Rodney knew the Diamondbacks were a young team when he came aboard in December, but he was shocked when told Arizona finished last season as the youngest team in all of baseball with an average age of 26 years, 313 days.
“I didn’t know they were that young,” he said, widening his eyes. “That’s pretty young, man. But hey, we were all young once, yes? That’s good. There’s a lot of young guys around me and that means there is a lot of young guys who are going to continue to learn and have good careers in this game.

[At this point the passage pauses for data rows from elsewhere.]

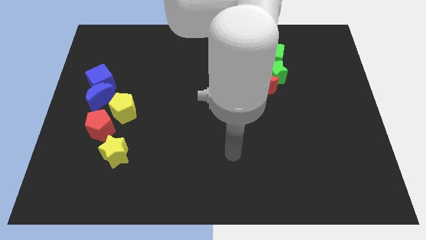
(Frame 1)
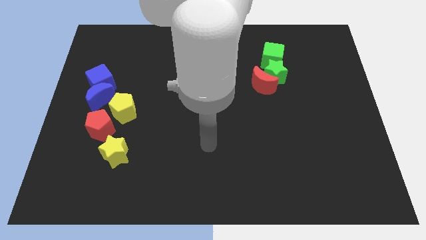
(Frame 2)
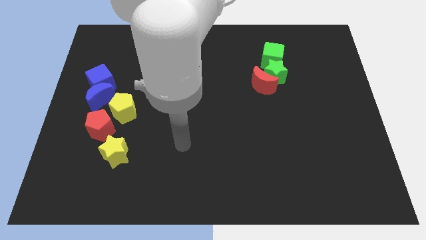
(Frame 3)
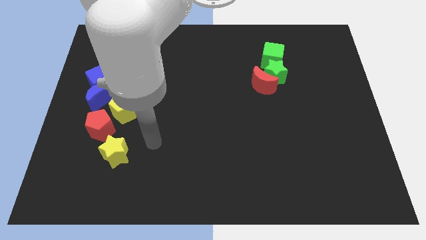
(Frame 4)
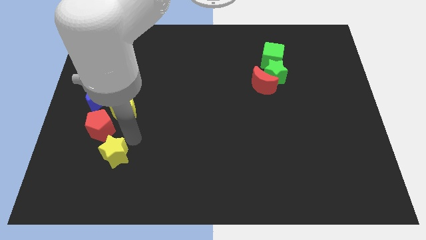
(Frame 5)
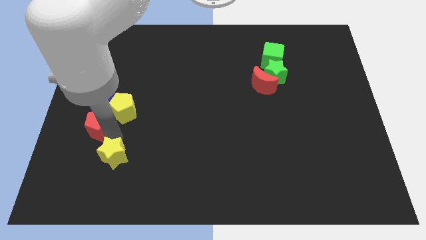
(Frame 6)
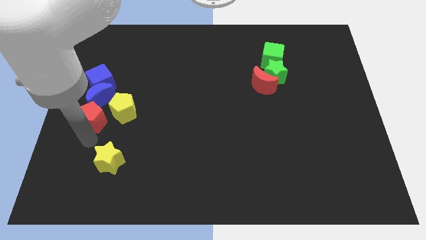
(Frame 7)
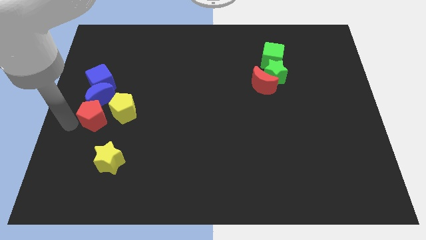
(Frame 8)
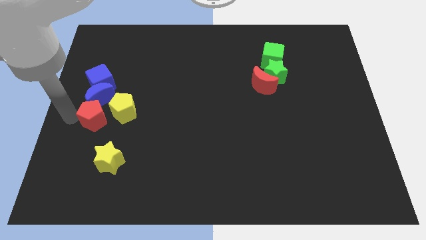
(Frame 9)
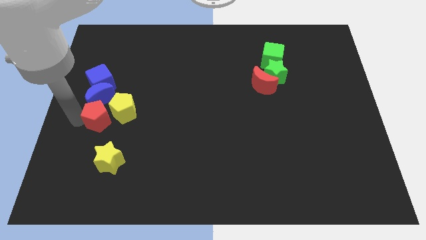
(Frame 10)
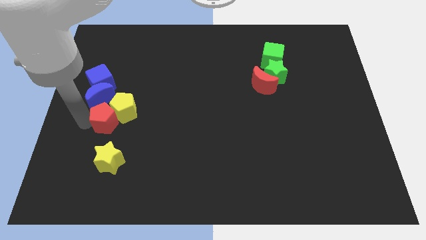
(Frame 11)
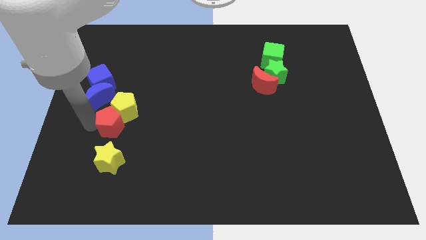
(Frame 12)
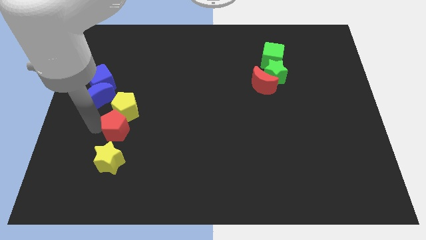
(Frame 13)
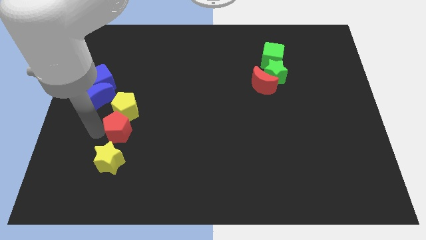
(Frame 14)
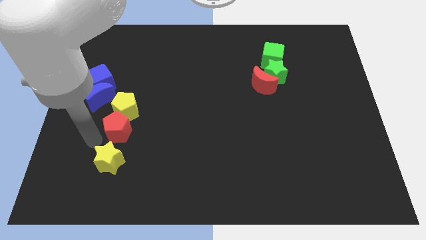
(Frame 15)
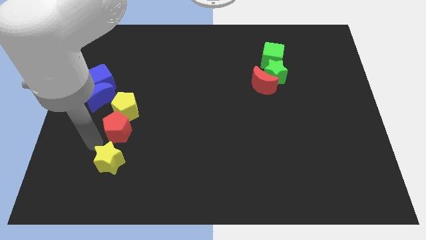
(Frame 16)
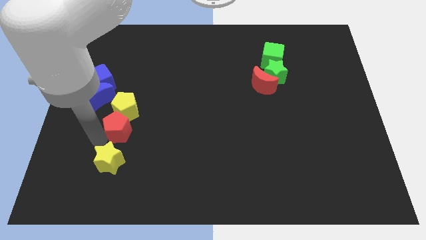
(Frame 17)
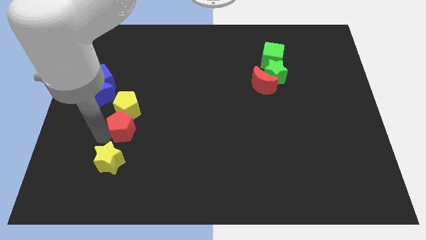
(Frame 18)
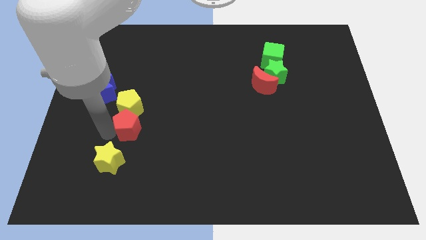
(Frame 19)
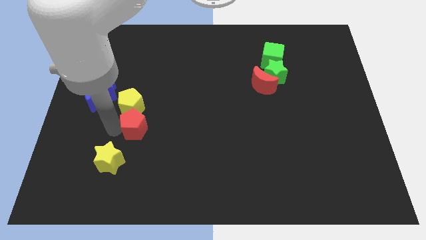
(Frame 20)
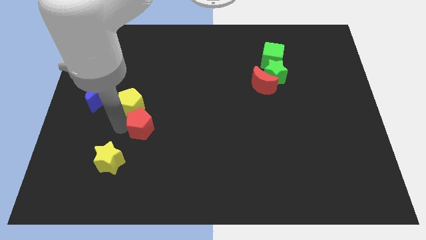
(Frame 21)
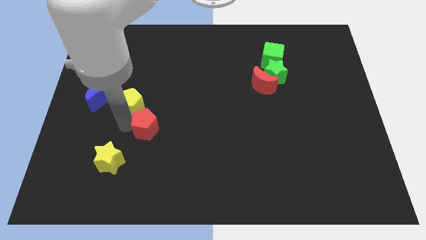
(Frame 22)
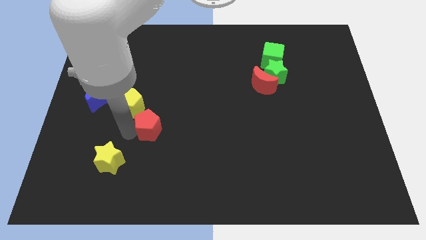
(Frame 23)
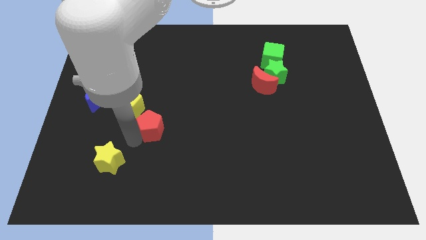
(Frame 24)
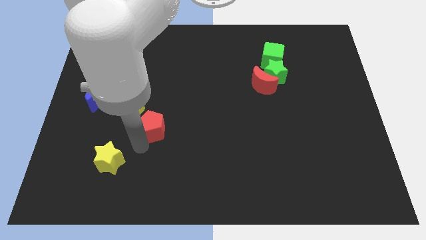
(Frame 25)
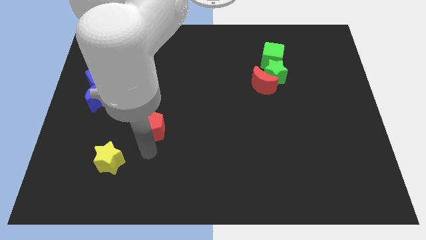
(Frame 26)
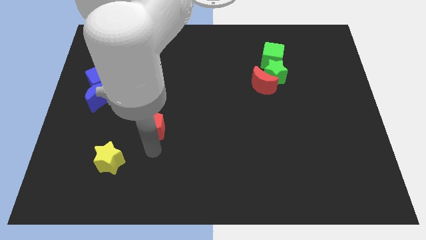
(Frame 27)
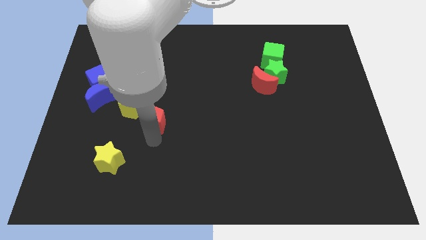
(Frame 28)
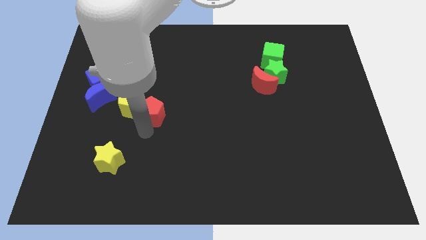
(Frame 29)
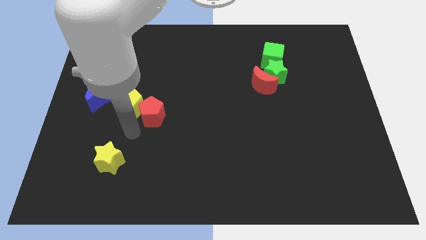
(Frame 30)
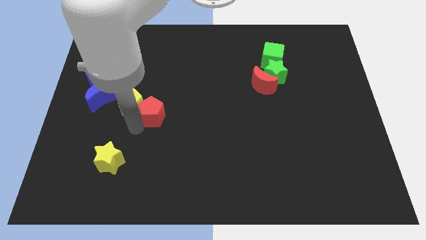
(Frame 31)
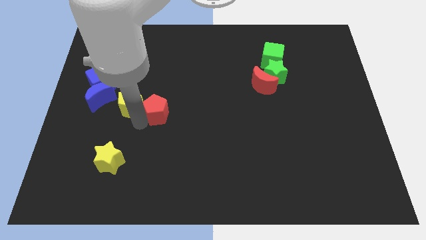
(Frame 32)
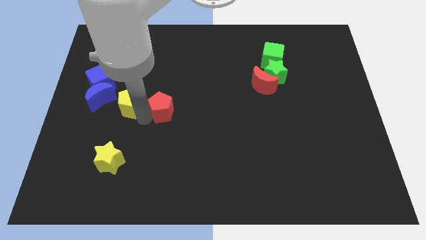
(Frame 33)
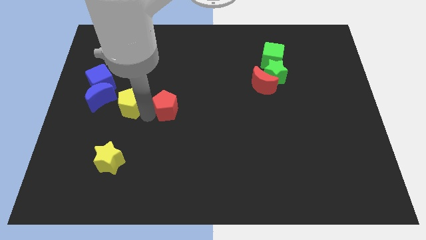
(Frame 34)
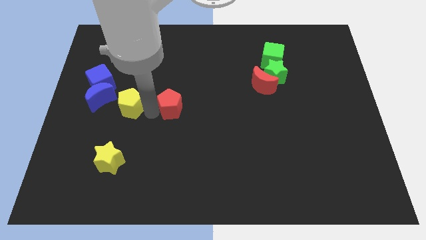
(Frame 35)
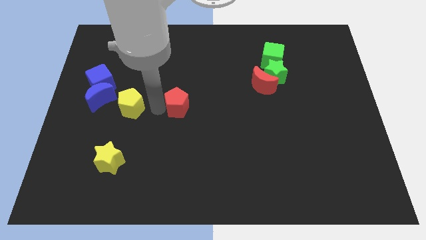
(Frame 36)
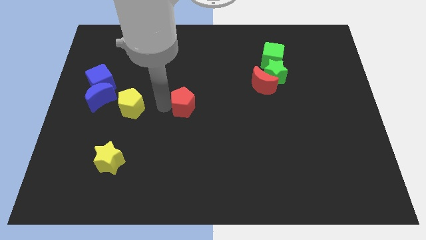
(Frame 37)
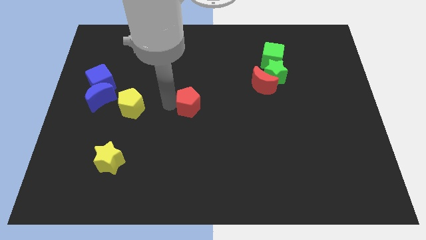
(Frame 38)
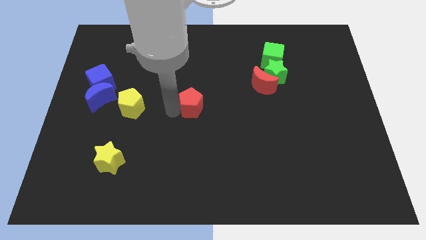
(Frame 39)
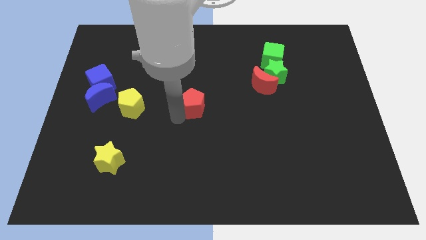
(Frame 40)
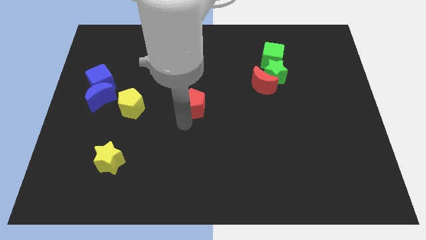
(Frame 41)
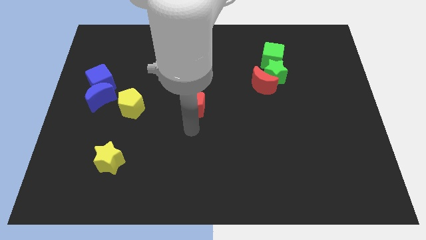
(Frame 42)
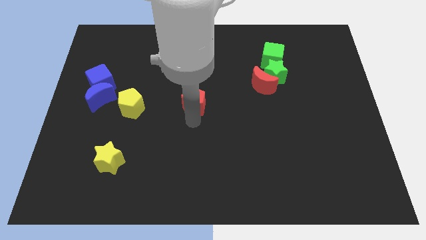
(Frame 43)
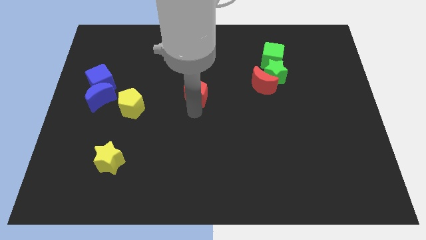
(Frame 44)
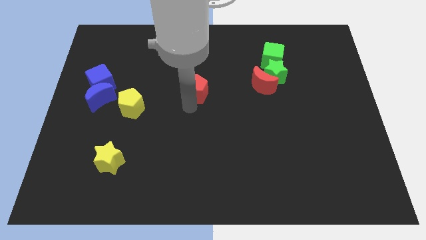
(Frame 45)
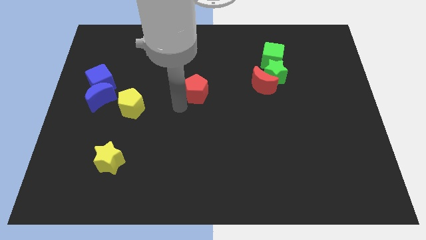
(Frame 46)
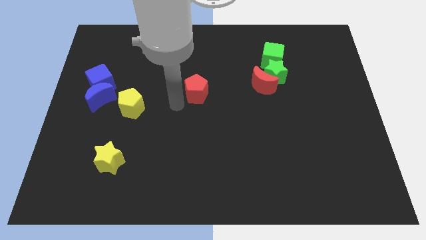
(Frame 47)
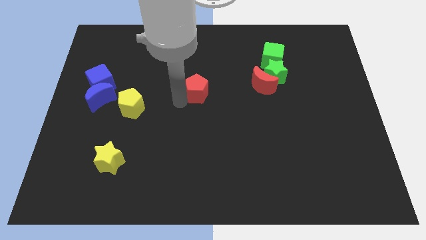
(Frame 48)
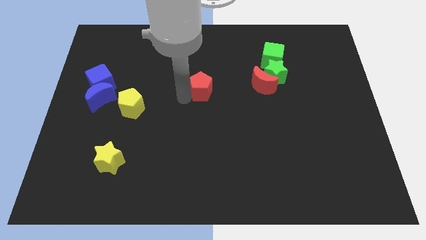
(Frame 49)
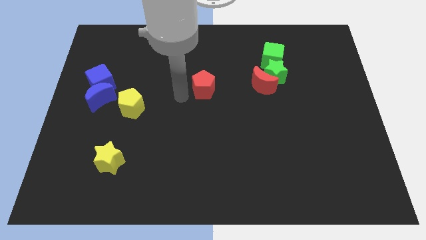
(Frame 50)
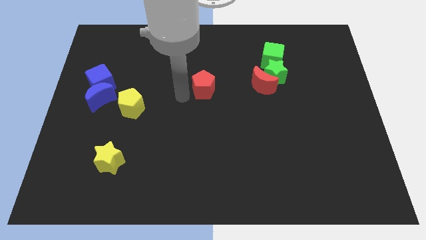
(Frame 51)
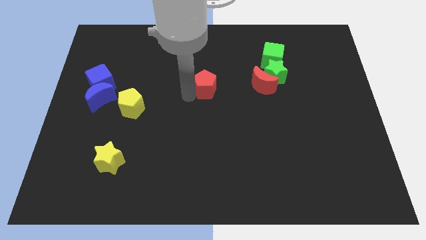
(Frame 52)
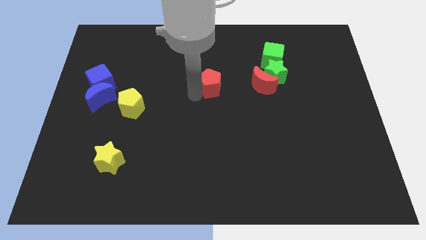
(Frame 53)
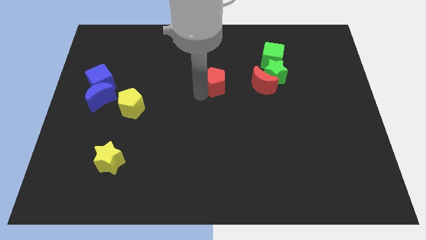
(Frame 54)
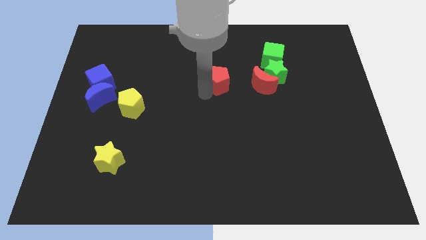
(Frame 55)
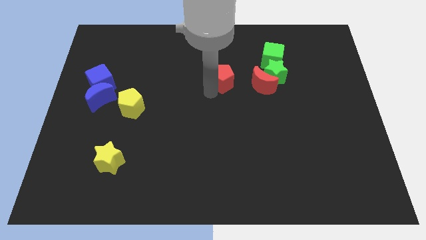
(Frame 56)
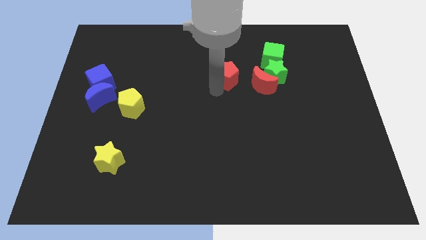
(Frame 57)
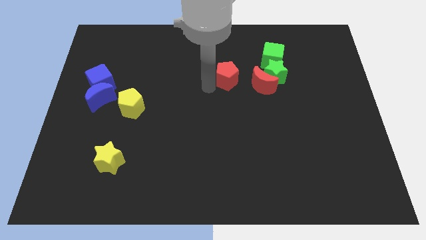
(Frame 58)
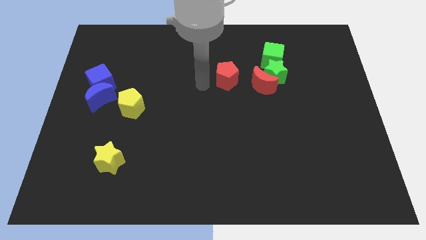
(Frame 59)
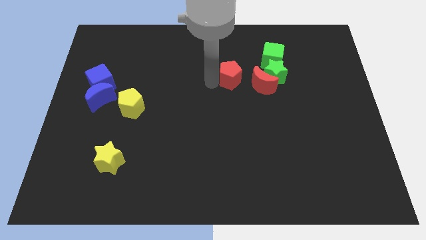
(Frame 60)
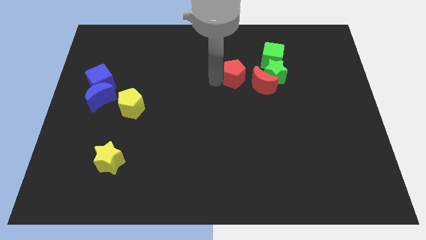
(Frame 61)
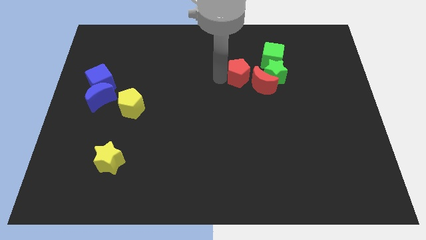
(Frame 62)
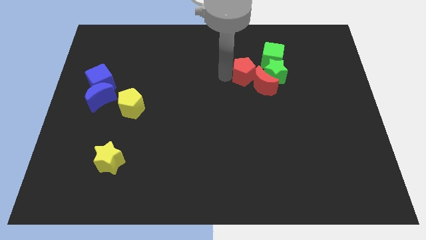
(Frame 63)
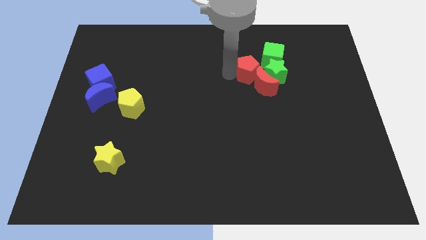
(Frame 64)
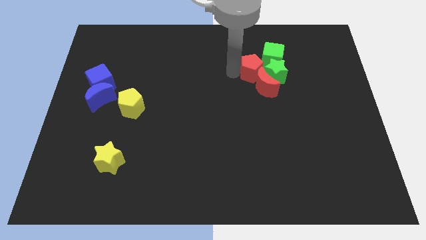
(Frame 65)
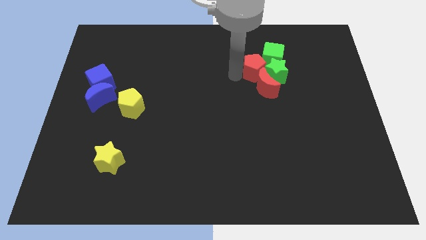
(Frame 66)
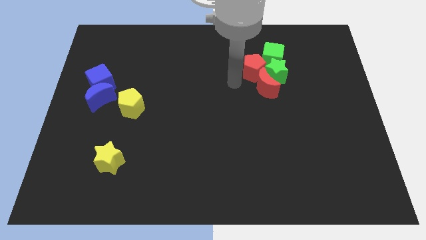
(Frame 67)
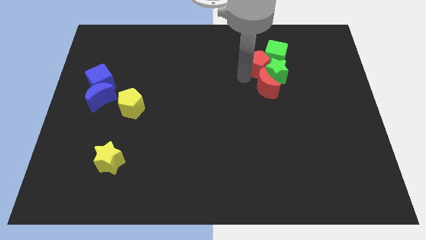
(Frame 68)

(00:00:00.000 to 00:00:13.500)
slide the red pentagon towards the green cube

“We have enough older guys around, including me, who can help these young guys get better and better during the season. That’s baseball: You don’t know what’s going to happen. All I know is if we can compete in this division with our starting pitching, I think we will win a lot of games because we’ve got a lot of talent in here.”
More than a handful of younger players came up to Rodney during spring training to ask him for advice and to find out how he’s lasted this long in the big leagues. He shared with them everything he could and told them all that asking veteran players for help was one of the reasons he’s still pitching.
He wouldn’t be here at all, however, if it wasn’t for his father. Ulise Rodney was a fisherman in the Dominican Republic who taught his son the value of a hard day’s work and to keep pushing when life is busy dealing you setbacks.
“My father inspires me to be who I am today,” Rodney said. “I have the dedication to follow all the things he taught me and it’s helped me so much. He’s why I wear my hat this way, tilted like this to the left. That’s the side where the sun would also hit his face so I wear it that way in his honor.”
Rodney’s father died in 2002, three days before he was called up to the major leagues for the first time.
“I think of him all the time,” the son says.
There is both a serious and fun side to the aging closer. Sometimes, he’s all business and at others, he’ll be a motormouth who never stops clowning around.
“He’s a good teammate who keeps it loose and is always having fun,” said Diamondbacks catcher Jeff Mathis, who played with Rodney last season in Miami. “That’s something you’ve got to have. You need a good mix of seriousness and there’s also a time to keep it loose and he definitely brings that side of it, too, so that’s good.”
“He’s a crazy guy,” Diamondbacks outfielder David Peralta added, “but, you know, in a good way.”